## WORK INSTRUCTION
Each line with the word "filter" must appear in the answer, copied from the records.

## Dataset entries
┄┄┄┄┄┄

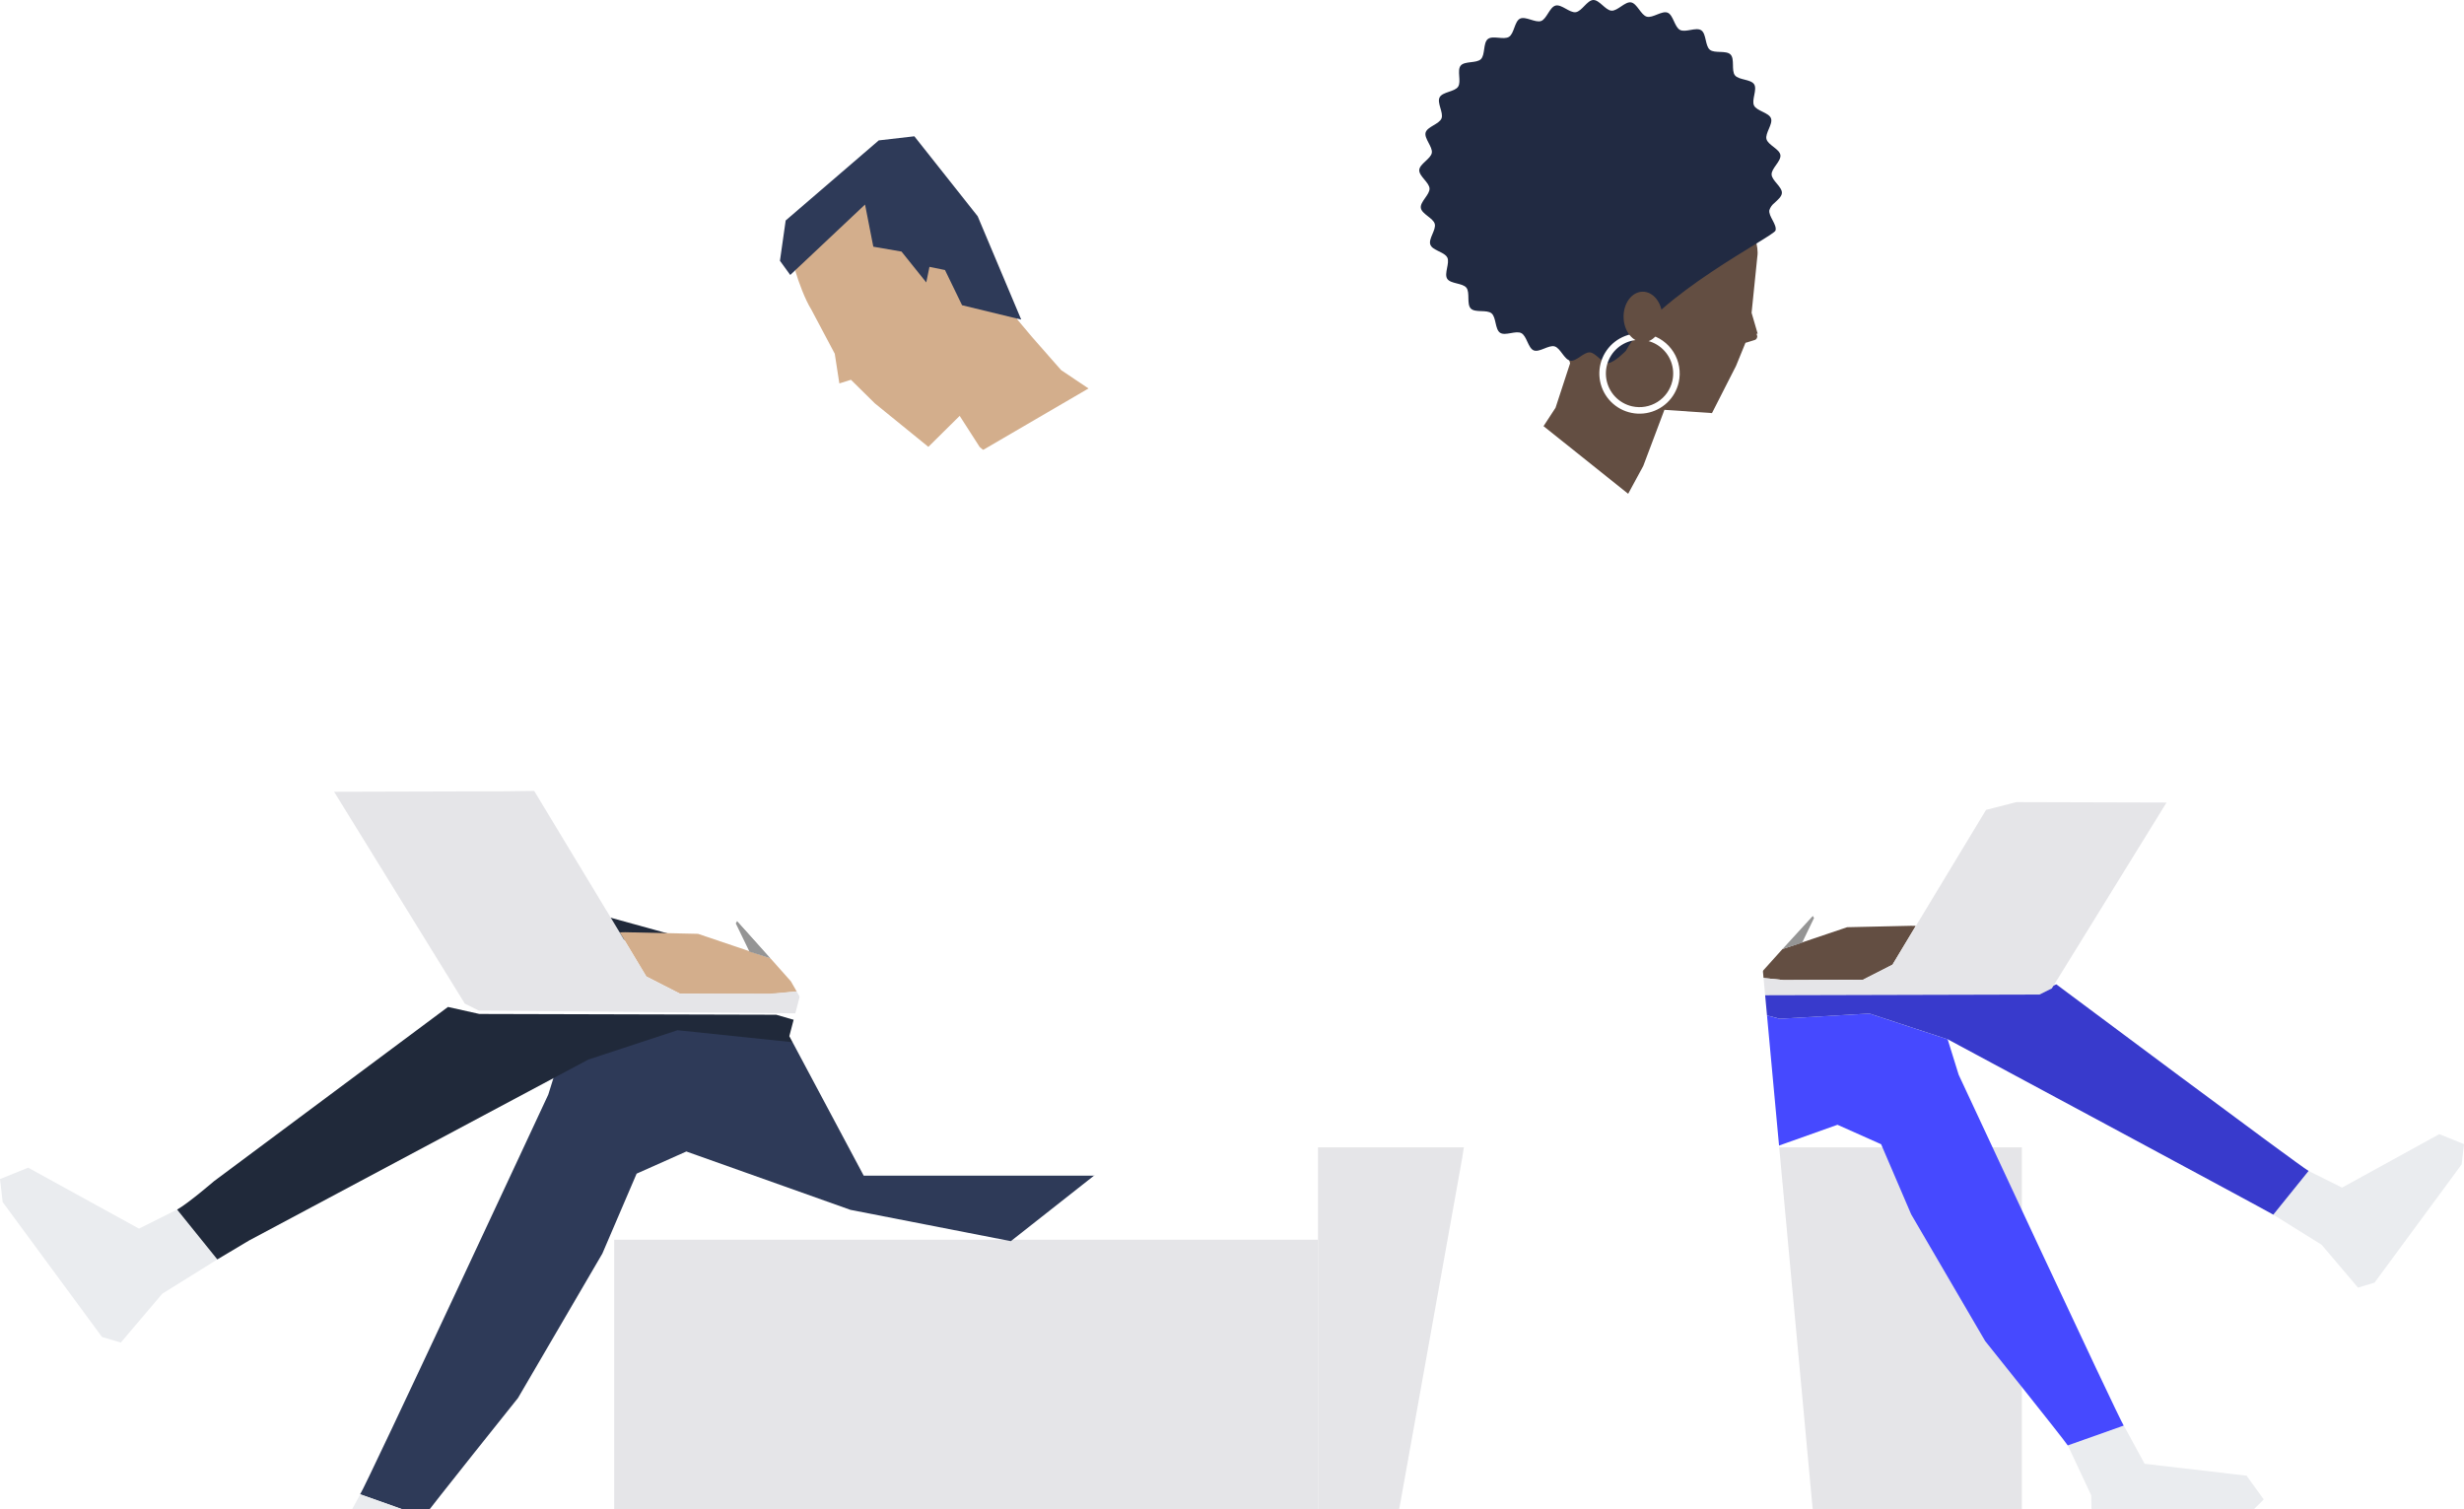 <svg xmlns="http://www.w3.org/2000/svg" fill="none" viewBox="0 0 320 196" height="196" width="320">
<path fill="#E5E5E8" d="M171.172 161H79.766V251H171.172V161Z"></path>
<path fill="#E5E5E8" d="M262.578 149H171.172V248H262.578V149Z"></path>
<path fill="#E5E5E8" d="M78.549 124.29H74.052C73.825 124.29 73.641 124.475 73.641 124.702V126.191C73.641 126.418 73.825 126.603 74.052 126.603H78.549C78.776 126.603 78.96 126.418 78.96 126.191V124.702C78.96 124.475 78.776 124.29 78.549 124.29Z"></path>
<path fill="#DADAFF" d="M76.751 127.814H74.795V127.929H76.751V127.814Z"></path>
<path fill="#E5E5E8" d="M76.933 126.302H72.726C72.499 126.302 72.314 126.486 72.314 126.713V128.202C72.314 128.429 72.499 128.614 72.726 128.614H76.933C77.161 128.614 77.345 128.429 77.345 128.202V126.713C77.345 126.486 77.161 126.302 76.933 126.302Z"></path>
<g filter="url(#filter0_ddd_1451_5638)">
<path fill="#212A42" d="M76.847 122.219H72.64C72.413 122.219 72.228 122.403 72.228 122.63V124.119C72.228 124.346 72.413 124.531 72.64 124.531H76.847C77.075 124.531 77.259 124.346 77.259 124.119V122.63C77.259 122.403 77.075 122.219 76.847 122.219Z"></path>
</g>
<path fill="#99FFC1" d="M73.056 123.212C73.202 123.212 73.32 123.094 73.32 122.948C73.32 122.802 73.202 122.684 73.056 122.684C72.91 122.684 72.792 122.802 72.792 122.948C72.792 123.094 72.91 123.212 73.056 123.212Z"></path>
<path fill="#99FFC1" d="M73.772 123.212C73.918 123.212 74.036 123.094 74.036 122.948C74.036 122.802 73.918 122.684 73.772 122.684C73.626 122.684 73.508 122.802 73.508 122.948C73.508 123.094 73.626 123.212 73.772 123.212Z"></path>
<path fill="#99FFC1" d="M74.489 123.212C74.634 123.212 74.753 123.094 74.753 122.948C74.753 122.802 74.634 122.684 74.489 122.684C74.343 122.684 74.225 122.802 74.225 122.948C74.225 123.094 74.343 123.212 74.489 123.212Z"></path>
<path fill="#0E0E33" d="M78.077 124.795H74.234V124.907H78.077V124.795Z"></path>
<path fill="#0E0E33" d="M78.077 125.131H74.234V125.243H78.077V125.131Z"></path>
<path fill="#0E0E33" d="M78.077 125.466H74.234V125.578H78.077V125.466Z"></path>
<path fill="#0E0E33" d="M76.191 125.803H74.234V125.917H76.191V125.803Z"></path>
<path fill="#0E0E33" d="M76.751 126.806H72.908V126.918H76.751V126.806Z"></path>
<path fill="#0E0E33" d="M76.751 127.142H72.908V127.254H76.751V127.142Z"></path>
<path fill="#0E0E33" d="M76.751 127.478H72.908V127.59H76.751V127.478Z"></path>
<path fill="#EAECEF" d="M291.758 191.638L278.523 190.098C277.62 188.444 276.719 186.789 275.82 185.134L268.551 187.712L271.584 194.182L271.727 200.712L274.826 202.505L292.151 196.562L293.995 194.723L291.758 191.638Z"></path>
<path fill="#4649FF" d="M254.374 139.577L252.942 134.972L242.774 131.627L231.115 132.303L228.609 131.644L227.795 131.675L190.788 145.967L191.705 148.462L201.652 156.289L219.93 152.724L238.633 146.07L244.301 148.597L248.205 157.702L257.817 174.161C257.817 174.161 268.056 186.947 268.54 187.714L275.809 185.137C275.159 184.212 254.374 139.577 254.374 139.577Z"></path>
<path fill="#EAECEF" d="M316.792 147.287L304.165 154.23L299.817 152.065L295.234 157.744L301.512 161.654L306.235 167.216L308.383 166.571L319.7 151.205L320 148.582L316.792 147.287Z"></path>
<path fill="#383ACC" d="M267.053 127.831L264.522 128.969H229.084L227.873 131.787L228.621 131.644L231.127 132.303L242.787 131.627L252.954 134.972C252.954 134.972 294.028 157.026 295.234 157.744L299.817 152.065C298.528 151.335 267.053 127.831 267.053 127.831Z"></path>
<path fill="#634E42" d="M227.479 40.623L228.223 33.339C228.452 31.879 227.634 30.358 227.462 28.946L221.98 27.582L218.13 26.709L214.281 25.85L212.167 25.371L205.219 28.359L202.796 37.879L202.541 42.321L202.57 43.072L203.913 47.164L202.02 52.953L199.511 56.796L206.098 66.534L208.344 69.854L213.41 60.514L216.157 53.222L222.335 53.648L225.46 47.514L227.078 43.556L228.266 43.324L227.479 40.623Z"></path>
<path fill="#212A42" d="M230.587 29.937C230.805 29.16 229.651 28.081 229.785 27.299C229.908 26.922 230.142 26.592 230.456 26.351C230.894 25.938 231.386 25.532 231.415 25.073C231.467 24.274 230.112 23.458 230.078 22.662C230.043 21.866 231.323 20.943 231.223 20.147C231.123 19.351 229.611 18.838 229.413 18.065C229.215 17.292 230.272 16.12 230 15.37C229.728 14.619 228.153 14.425 227.798 13.706C227.443 12.987 228.242 11.626 227.812 10.948C227.382 10.269 225.807 10.409 225.315 9.779C224.822 9.149 225.315 7.654 224.742 7.078C224.169 6.503 222.677 6.972 222.055 6.457C221.434 5.941 221.614 4.38 220.941 3.934C220.268 3.487 218.902 4.263 218.183 3.885C217.464 3.507 217.309 1.94 216.573 1.645C215.837 1.35 214.629 2.381 213.867 2.166C213.105 1.951 212.609 0.448 211.825 0.31C211.04 0.173 210.08 1.439 209.287 1.387C208.494 1.336 207.7 -0.045 206.904 0.001C206.108 0.047 205.435 1.465 204.644 1.582C203.854 1.699 202.8 0.522 202.024 0.723C201.247 0.923 200.878 2.461 200.142 2.728C199.406 2.994 198.117 2.069 197.401 2.424C196.685 2.779 196.654 4.357 195.969 4.787C195.285 5.217 193.855 4.564 193.225 5.073C192.595 5.583 192.899 7.115 192.326 7.68C191.753 8.244 190.212 7.9 189.699 8.522C189.187 9.143 189.811 10.587 189.364 11.26C188.918 11.933 187.359 11.913 186.97 12.629C186.58 13.345 187.5 14.634 187.208 15.379C186.916 16.123 185.36 16.447 185.146 17.212C184.931 17.976 186.082 19.067 185.95 19.849C185.819 20.631 184.369 21.281 184.318 22.075C184.266 22.868 185.621 23.69 185.655 24.486C185.69 25.282 184.409 26.205 184.524 27.001C184.639 27.797 186.137 28.31 186.334 29.083C186.532 29.856 185.475 31.028 185.761 31.778C185.841 31.964 185.974 32.122 186.142 32.234C186.715 32.649 187.689 32.895 187.961 33.442C188.313 34.158 187.517 35.522 187.947 36.2C188.376 36.879 189.952 36.739 190.444 37.369C190.937 37.999 190.444 39.494 191.017 40.07C191.59 40.646 193.082 40.176 193.704 40.691C194.325 41.207 194.145 42.768 194.818 43.215C195.491 43.661 196.86 42.888 197.576 43.263C198.292 43.639 198.449 45.208 199.185 45.503C199.922 45.798 201.13 44.767 201.892 44.982C202.654 45.197 203.149 46.7 203.934 46.838C204.719 46.975 205.678 45.709 206.472 45.761C207.265 45.812 208.058 47.193 208.858 47.147C209.657 47.101 211.149 45.566 211.149 45.563C214.995 38.383 230.373 30.701 230.587 29.937Z"></path>
<path fill="#634E42" d="M226.434 39.476L225.378 39.804C225.131 39.88 224.994 40.142 225.07 40.388L226.244 44.174C226.32 44.42 226.582 44.558 226.828 44.481L227.884 44.154C228.131 44.078 228.268 43.816 228.192 43.57L227.018 39.784C226.941 39.538 226.68 39.4 226.434 39.476Z"></path>
<path fill="white" d="M214.079 43.415C213.072 43.187 212.021 43.262 211.057 43.632C210.093 44.001 209.26 44.648 208.664 45.491C208.068 46.334 207.735 47.334 207.708 48.366C207.681 49.398 207.96 50.414 208.51 51.288C209.061 52.161 209.858 52.851 210.801 53.271C211.744 53.691 212.79 53.822 213.808 53.648C214.825 53.473 215.768 53 216.516 52.29C217.265 51.58 217.786 50.663 218.014 49.656C218.319 48.307 218.075 46.892 217.338 45.722C216.6 44.551 215.428 43.722 214.079 43.415ZM211.96 52.767C211.117 52.575 210.349 52.138 209.755 51.511C209.16 50.884 208.765 50.094 208.619 49.242C208.473 48.39 208.583 47.514 208.935 46.725C209.287 45.935 209.865 45.268 210.596 44.807C211.327 44.346 212.179 44.112 213.043 44.135C213.907 44.158 214.745 44.437 215.45 44.936C216.156 45.435 216.698 46.132 217.008 46.939C217.317 47.746 217.38 48.627 217.189 49.47C216.932 50.6 216.237 51.582 215.256 52.2C214.276 52.818 213.09 53.022 211.96 52.767Z"></path>
<path fill="#634E42" d="M213.439 44.433C214.829 44.404 215.926 42.915 215.889 41.105C215.851 39.296 214.694 37.853 213.304 37.882C211.914 37.91 210.817 39.4 210.855 41.209C210.892 43.018 212.049 44.462 213.439 44.433Z"></path>
<path fill="#634E42" d="M248.8 120.242L245.781 125.274L241.951 127.231L231.649 127.276L228.184 126.927L231.492 123.249L239.886 120.414L248.195 120.228L248.8 120.242Z"></path>
<path fill="#E5E5E8" d="M228.184 126.926L231.649 127.276L241.951 127.23L245.781 125.274L257.93 105.174L261.877 104.168L281.367 104.223L266.468 128.364L264.867 129.16L229.057 129.252L228.184 126.926Z"></path>
<path fill="white" d="M216.652 68.281L226.238 96.817L235.552 197.495L230.376 199.563L189.941 199.649L181.151 199.128L189.861 150.587L194.263 122.602L178.845 118.017L175.927 108.224L180.412 85.695L191.006 61.906L200.054 55.018L216.652 68.281Z"></path>
<path fill="white" d="M228.063 125.836L234.18 118.962L219.37 113.652L210.623 125.395C210.623 125.395 224.944 130.865 225.23 130.599C225.516 130.332 228.063 125.836 228.063 125.836Z"></path>
<path fill="#959595" d="M235.59 119.219L234.035 122.438L231.494 123.249L235.429 118.95L235.59 119.219Z"></path>
<path fill="#2E3A58" d="M101.497 133.138L100.57 133.102L97.714 133.853L84.431 133.079L72.841 136.892L71.209 142.14C71.209 142.14 47.523 193.003 46.77 194.057L55.053 196.995C55.605 196.12 67.273 181.55 67.273 181.55L78.23 162.793L82.678 152.418L89.137 149.539L110.447 157.118L131.276 161.184L142.611 152.261L143.659 149.421L101.497 133.138Z"></path>
<path fill="#EAECEF" d="M46.784 194.06L43.706 199.717L27.201 201.43L24.652 204.948L28.174 207.086L47.92 213.855L51.615 204.374C52.764 201.915 53.915 199.458 55.068 197.001L46.784 194.06Z"></path>
<path fill="#EAECEF" d="M23 157.085L18.049 159.556L3.659 151.644L0 153.119L0.346 156.109L13.241 173.619L15.689 174.354L21.071 168.012L28.226 163.557L23 157.085Z"></path>
<path fill="#20293A" d="M100.81 131.78L62.252 131.679L58.178 130.769L27.792 153.397C27.792 153.397 24.47 156.256 23.001 157.085L28.223 163.557L32.339 161.103L76.4 137.603L87.987 133.791L110.334 136.118L113.19 135.371L100.81 131.78Z"></path>
<path fill="#20293A" d="M77.68 121.885L85.148 122.276L88.47 121.708L76.094 118.291L76.887 120.987L77.68 121.885Z"></path>
<path fill="#D3AE8C" d="M108.41 45.936L105.361 40.191C104.558 38.912 103.706 36.618 103.302 35.224L103.84 31.004L109.062 27.218L111.223 25.651L113.295 24.15L115.659 22.44L119.415 19.718L121.719 22.515L127.079 29.206L128.57 33.311L131.462 39.415L132.144 41.523L134.014 43.746L137.807 48.064L141.701 50.675L139.416 62.461L138.639 66.475L129.216 59.719L127.229 58.048L124.634 54.007L120.567 58.031L113.619 52.385L110.511 49.32L109.007 49.794L108.41 45.936Z"></path>
<path fill="#2E3A58" d="M118.747 17.7L126.972 28.085L132.625 41.503L124.945 39.639L122.726 35.067L120.709 34.656L120.294 36.676L117.079 32.671L113.417 32.038L112.343 26.561L102.63 35.71L101.292 33.866L102.036 28.634L114.125 18.232L118.747 17.7Z"></path>
<path fill="#D3AE8C" d="M80.499 121.082L83.939 126.816L88.303 129.042L100.043 129.098L103.995 128.699L100.222 124.509L90.656 121.274L81.188 121.065L80.499 121.082Z"></path>
<path fill="#E5E5E8" d="M103.995 128.699L100.043 129.042H88.303L83.939 126.816L69.376 102.716L65.597 102.762L43.39 102.824L60.365 130.335L62.189 131.242L103.633 131.601L103.995 128.699Z"></path>
<path fill="#959595" d="M95.555 119.916L97.33 123.585L100.222 124.509L95.737 119.609L95.555 119.916Z"></path>
<path fill="white" d="M120.696 65.218L121.633 61.954L153.158 43.569L160.782 61.768L155.126 67.18C155.126 67.18 158.461 81.387 158.755 82.898C159.049 84.409 163.243 97.141 163.243 97.141L163.269 107.856L156.415 152.675H112.168L102.51 134.564L120.696 65.218Z"></path>
<path fill="white" d="M102.71 127.436L95.742 119.603L116.778 110.954L122.584 126.946C122.584 126.946 106.265 133.184 105.938 132.877C105.612 132.57 102.71 127.436 102.71 127.436Z"></path>
<defs>
<filter color-interpolation-filters="sRGB" filterUnits="userSpaceOnUse" height="114.312" width="117.03" y="90.219" x="16.229" id="filter0_ddd_1451_5638">
<feFlood result="BackgroundImageFix" flood-opacity="0"></feFlood>
<feColorMatrix result="hardAlpha" values="0 0 0 0 0 0 0 0 0 0 0 0 0 0 0 0 0 0 127 0" type="matrix" in="SourceAlpha"></feColorMatrix>
<feOffset dy="1"></feOffset>
<feGaussianBlur stdDeviation="0.5"></feGaussianBlur>
<feComposite operator="out" in2="hardAlpha"></feComposite>
<feColorMatrix values="0 0 0 0 0.071 0 0 0 0 0.118 0 0 0 0 0.467 0 0 0 0.04 0" type="matrix"></feColorMatrix>
<feBlend result="effect1_dropShadow_1451_5638" in2="BackgroundImageFix" mode="normal"></feBlend>
<feColorMatrix result="hardAlpha" values="0 0 0 0 0 0 0 0 0 0 0 0 0 0 0 0 0 0 127 0" type="matrix" in="SourceAlpha"></feColorMatrix>
<feOffset dy="1"></feOffset>
<feGaussianBlur stdDeviation="4"></feGaussianBlur>
<feComposite operator="out" in2="hardAlpha"></feComposite>
<feColorMatrix values="0 0 0 0 0.071 0 0 0 0 0.118 0 0 0 0 0.467 0 0 0 0.04 0" type="matrix"></feColorMatrix>
<feBlend result="effect2_dropShadow_1451_5638" in2="effect1_dropShadow_1451_5638" mode="normal"></feBlend>
<feColorMatrix result="hardAlpha" values="0 0 0 0 0 0 0 0 0 0 0 0 0 0 0 0 0 0 127 0" type="matrix" in="SourceAlpha"></feColorMatrix>
<feOffset dy="24"></feOffset>
<feGaussianBlur stdDeviation="28"></feGaussianBlur>
<feComposite operator="out" in2="hardAlpha"></feComposite>
<feColorMatrix values="0 0 0 0 0.094 0 0 0 0 0.192 0 0 0 0 0.325 0 0 0 0.06 0" type="matrix"></feColorMatrix>
<feBlend result="effect3_dropShadow_1451_5638" in2="effect2_dropShadow_1451_5638" mode="normal"></feBlend>
<feBlend result="shape" in2="effect3_dropShadow_1451_5638" in="SourceGraphic" mode="normal"></feBlend>
</filter>
</defs>
</svg>

┄┄┄┄┄┄

## WRITTEN SOLUTION
<g filter="url(#filter0_ddd_1451_5638)">
<filter color-interpolation-filters="sRGB" filterUnits="userSpaceOnUse" height="114.312" width="117.03" y="90.219" x="16.229" id="filter0_ddd_1451_5638">
</filter>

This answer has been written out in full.